At a farm sale in Idaho, in the US, a 1948 Ford F1 pick-up truck sits half-buried under other rusting sale lots.
A Tasmanian man famed for his affinity with machines sees it and falls in love.
It was Phil Dobson's wife, Judith, who insisted that he go back and "buy that old thing or forever regret it".
He joked that his affections have been somewhat divided ever since.
"It's in the family trust, never to be sold," said the retired founder of Dobmac Agricultural Machinery, a company still innovating and exporting to several countries from Ulverstone.
"She knows I'm joking of course but yeah I am very, very fond of this old thing."
Mr Dobson grew up on the rural north-west coast, snaring rabbits and helping on the farm. His father Claude and his brother still sometimes used steam-driven farm machinery to work the South Road properties he grew up on.
Few parents would give their son a welder for his 13th birthday but Mr Dobson's parents did. He said it came with a few bits of protective gear and that it set his course for life.
Through the late 1960s and early 1970s, the teenager did welding repairs on pig troughs on farms behind Penguin and Ulverstone in Tasmania's north-west.
He soon realised making pig troughs was better money –and smelled better too.
Entering the property market
At 16, he purchased his first 10-acre block of land with the earnings from this welding work.
Through a series of accidents – both literal and metaphorical – Mr Dobson would establish his own agricultural machinery business, Dobmac, before he was 25.
A boilermaker welder by trade, he purchased the family farm at 21, only to soon after have a tractor accident and lose the use of his right leg.
"We had to sell the farm and a gentleman named Michael Frost, who ran Gaffney Machinery, asked me to have a go at modifying an overseas potato harvester for our local soil conditions," Mr Dobson said.
"I did another one and another one and then we threw our last $7,000 in with $7,000 he threw in and we established Dobmac."
That was 1983. Over the next 28 years, he would spend more time overseas each year than at home, doing business in countries including the US, Canada, New Zealand and South Africa.
Worth picking up
In 2008, Mr Dobson was doing business in Idaho, USA — good potato country. His wife Judith was along because sometimes they would add a bit of quality time to the end of a trip.
"The old bloke having the farm sale was the one and only owner of this truck. No rust in it except for the floor of the cab from all the snow melting off their boots in winter," Mr Dobson said, walking from his bush shack at Eugenana to his dream ride parked just outside.
"It's a Ford F1, 1948, built in California in the Ford factory on the second month that they made the Ford F series trucks. And they still make them new today.
"There are a lot of old Chevy farm trucks about but not many like this old Ford.
"When my wife said I should buy it, it took about a nanosecond to decide.

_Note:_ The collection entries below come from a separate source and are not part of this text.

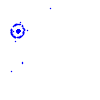
Particle: pion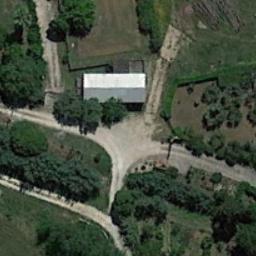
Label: sparse_residential
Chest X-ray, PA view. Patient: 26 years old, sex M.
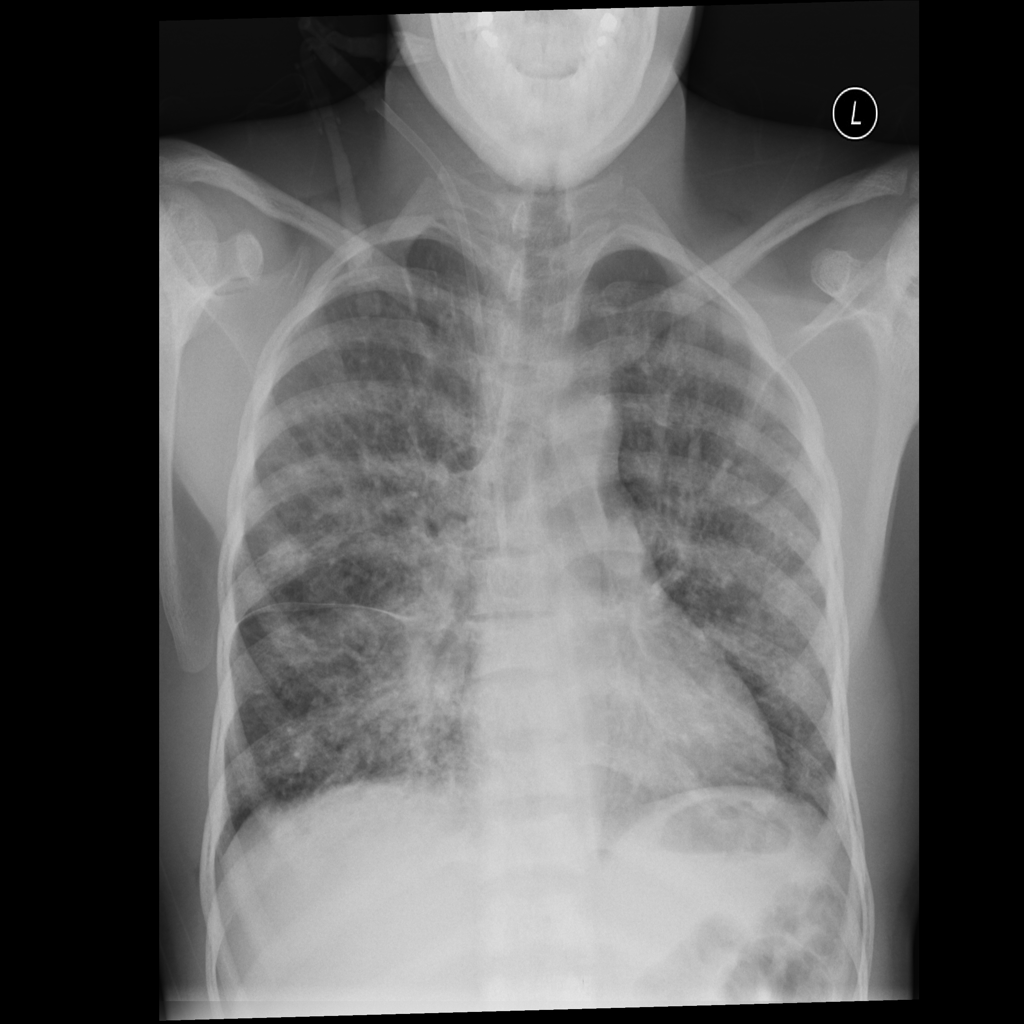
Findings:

It won't ever get any easier than that."
Mr Dobson paid less than $US1,000 for the truck and set off for the nearby depot where Dobmac shipped its containers in and out.
The doors flew open a couple of times around corners and it blew enough smoke to attract plenty of attention.
Soon after he got it home, Mr Dobson's health took a turn for the worse. After surgery on his sinuses, he developed a permanent headache and some heart issues that led to early retirement in 2012.
His son, Mark, took over the business along with his wife, Amanda, and they still run it successfully today.
Mark is also rumoured to be the only other human allowed to drive Mr Dobson's little Ford pick-up.
The little truck has been a project of passion for nearly 14 years. It has been given a Mustang front end, strengthened chassis, a modern 360-hp V8 engine to replace the 60-hp side-valve original — even a GPS speedo.
"The paint's basically original, touched up here and there but there was virtually no rust aside from the floor. It's got one of the original tyres mounted on the side, rubber's perished of course," Mr Dobson said.
"I just wanted it to be a farm truck, not a hot rod. I don't think twice about hitting the gravel or heading across the paddocks."
Mr Dobson said they took it for Sunday, Monday, Tuesday and Wednesday drives.
"But showing her off and talking to people about her is half the fun. It's rare that someone doesn't jump out with a phone to take a photo."